The Dow Jones Industrial Average closed down 411.32 points, or 1.06%, at 38,441.54, the S&P 500 finished off 39.09 points, or 0.74%, at 5,266.95 and the Nasdaq Composite fell 99.30 points, or 0.58%, to close at 16,920.58.

Earlier Europe's STOXX 600 index closed down 1.08% for its biggest one-day percentage decline since mid-April, as bond yields rose on worries interest rates will stay elevated for longer globally with fresh evidence of persistently high inflation in the region's biggest economy exacerbating concerns.

The U.S. 10-year Treasury yield hit a four-week high and was last up 7.2 basis points at 4.614%. The 2-year note yield, which typically moves in step with interest rate expectations, rose 1.8 basis points to 4.9747%.

A closely watched part of the U.S. Treasury yield curve measuring the gap between yields on two- and 10-year Treasury notes, seen as an indicator of economic expectations, narrowed to negative 36.3 basis points.

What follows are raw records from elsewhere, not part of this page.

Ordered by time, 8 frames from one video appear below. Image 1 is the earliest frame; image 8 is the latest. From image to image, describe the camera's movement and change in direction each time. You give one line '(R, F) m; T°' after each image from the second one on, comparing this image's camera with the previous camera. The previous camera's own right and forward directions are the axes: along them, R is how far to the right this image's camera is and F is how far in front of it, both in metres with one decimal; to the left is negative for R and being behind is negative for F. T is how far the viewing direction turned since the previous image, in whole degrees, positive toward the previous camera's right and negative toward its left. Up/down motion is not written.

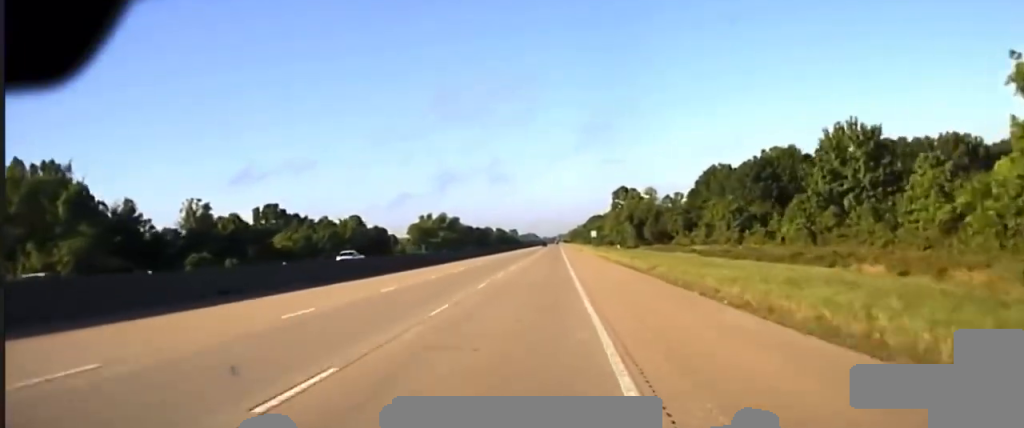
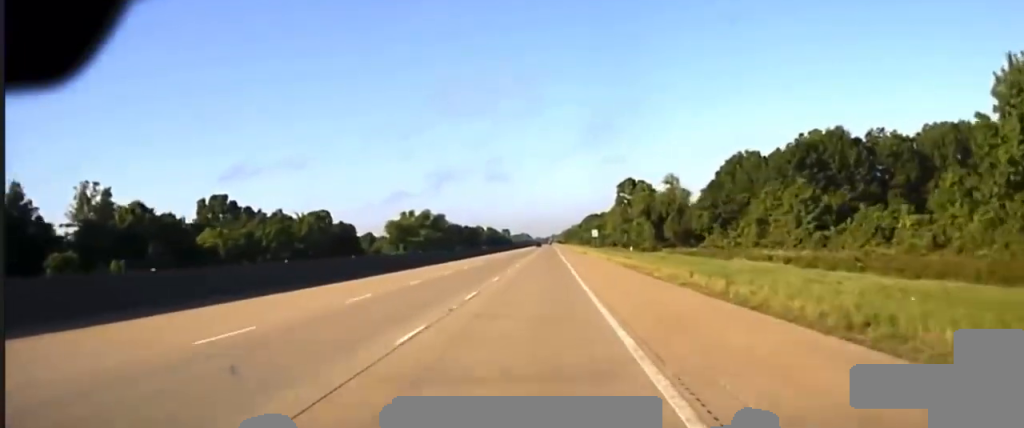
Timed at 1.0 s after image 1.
(-0.1, +31.7) m; 0°
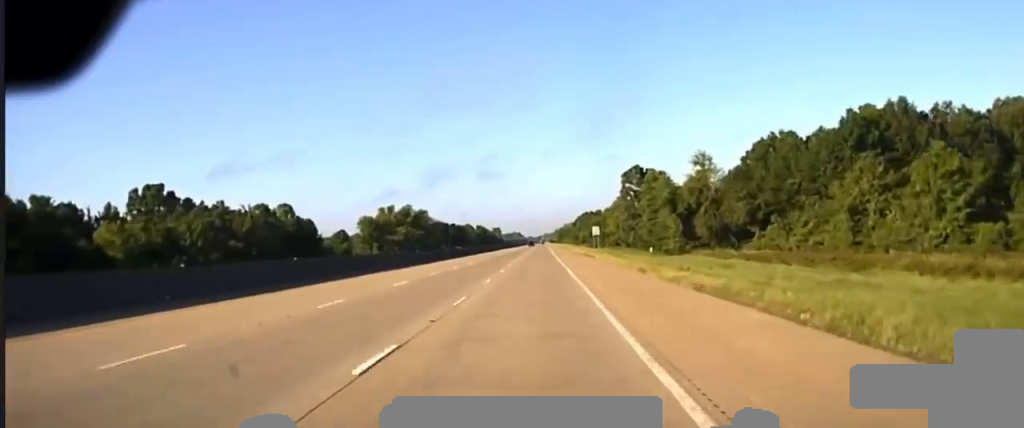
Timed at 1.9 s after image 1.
(+0.1, +29.6) m; 0°
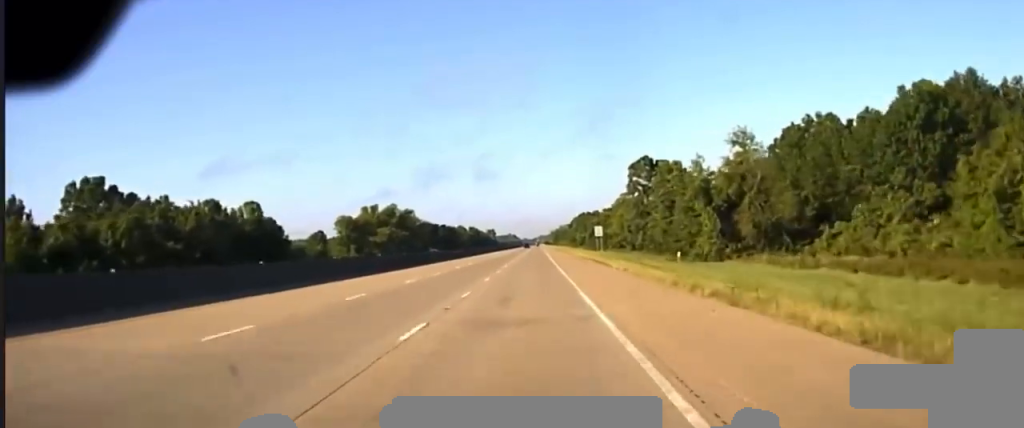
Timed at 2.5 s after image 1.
(0.0, +23.0) m; 0°
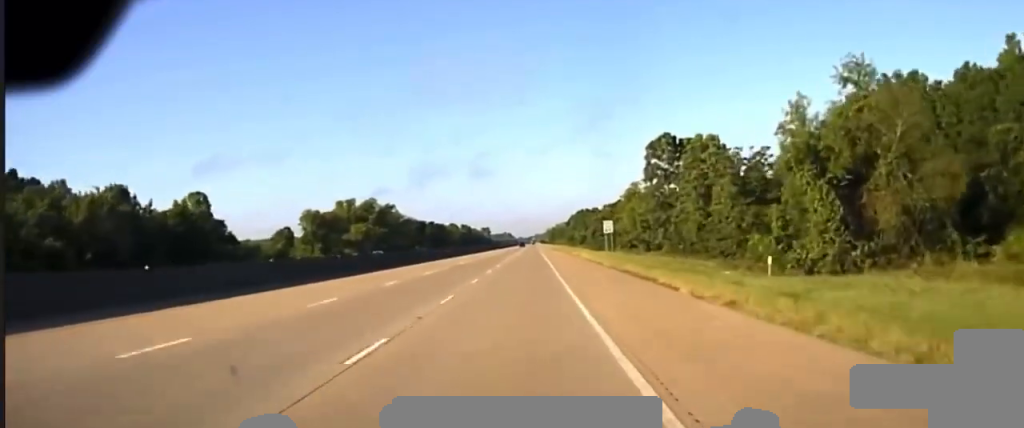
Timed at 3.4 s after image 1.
(+0.2, +28.2) m; +1°
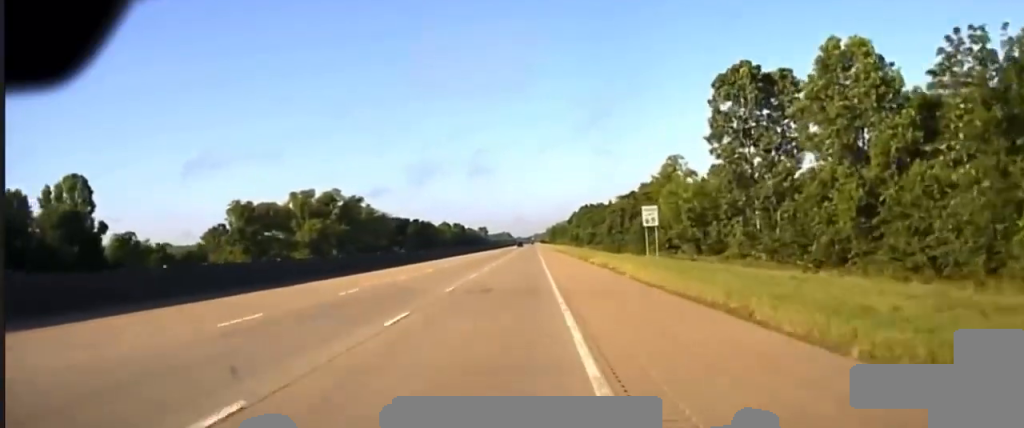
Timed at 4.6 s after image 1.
(+0.2, +38.5) m; 0°
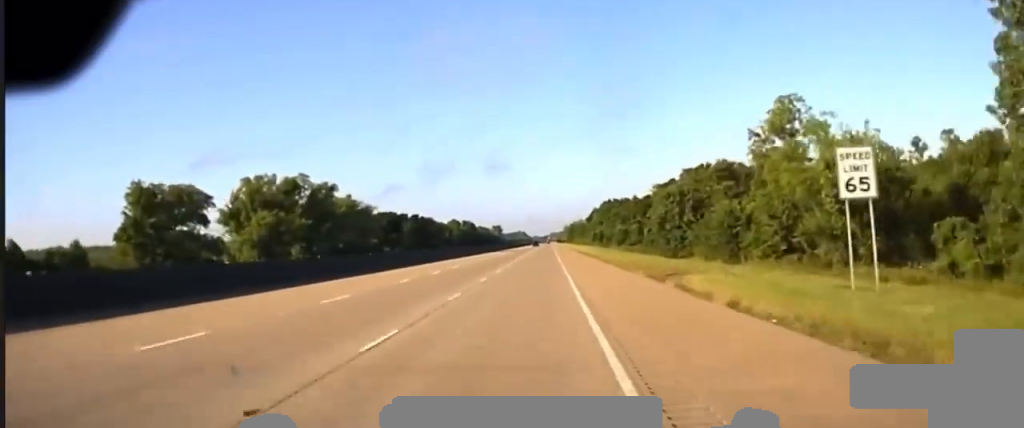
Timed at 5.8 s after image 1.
(-0.4, +36.3) m; -1°
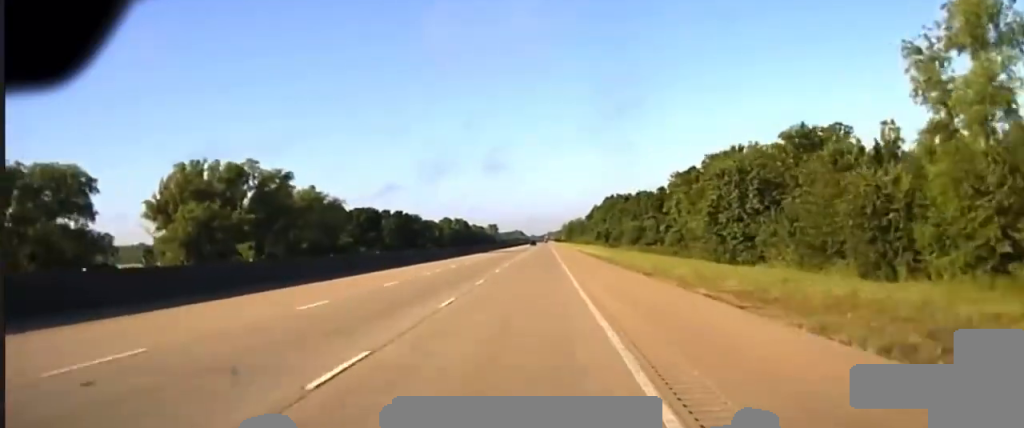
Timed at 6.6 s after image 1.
(-0.2, +25.7) m; 0°

The seven-year yield rose to 4.64% from 4.56%. An auction on Wednesday of $44 billion in U.S. seven-year debt resulted in a high yield of 4.65%, above the expected rate. This raised concerns about demand for government debt after lackluster auctions of U.S. two-year and five-year notes on Tuesday.

In currencies, the dollar index, which measures the greenback against a basket of currencies, gained 0.44% to 105.12, with the euro down 0.51% at $1.08.

Against the Japanese yen, the dollar strengthened 0.34% to 157.69, after hitting its highest level since May 1.

Oil prices eased on worries over weak U.S. gasoline demand and concerns the Fed will keep interest rates higher for longer.

U.S. crude settled down 0.75% at $79.23 a barrel and Brent fell 0.74% at $83.60 per barrel.

Spot gold lost 1.01% to $2,337.07 an ounce as a stronger dollar, higher bond yields and hawkish comments from a Fed official on Tuesday still weighed on sentiment.